_Assigned task_. Count every line of the material that holds the string "wide". Respond with the total only.

_Records supplied_.
- - - - - - -
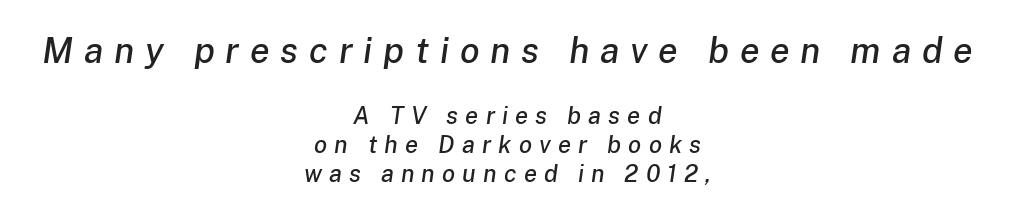
Q: Is the text italic (slanted)? A: Yes, it leans right by about 8 degrees.
Q: Is the text underlined? A: No.
Q: How is the paragraph aligned? A: Centered.
Q: Is the spacing between letters normal or unusually wide? A: Unusually wide.
Q: Which block of text is set in a larger size, the first (top) or the second (bottom)? A: The first (top) one.
Q: Width (condensed, normal, or wide)? A: Normal.
Q: Stroke contrast? A: Low.
Q: x-height? A: Medium.
Q: Monospaced? A: No.
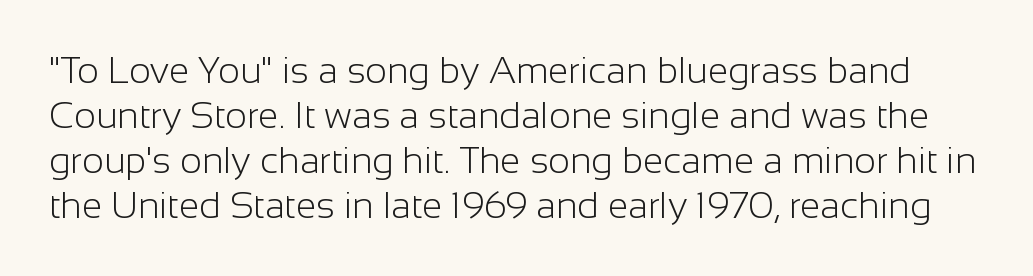
You could not count columns in this text — the font is proportionally spaced. Is the stroke heavy? The answer is a plain regular-or-lighter. Upright lettering throughout. Nothing sits at the stroke ends, so this counts as sans-serif. Decoration check: the copy has no underline.
- - - - - - -
_Result for this task_. 2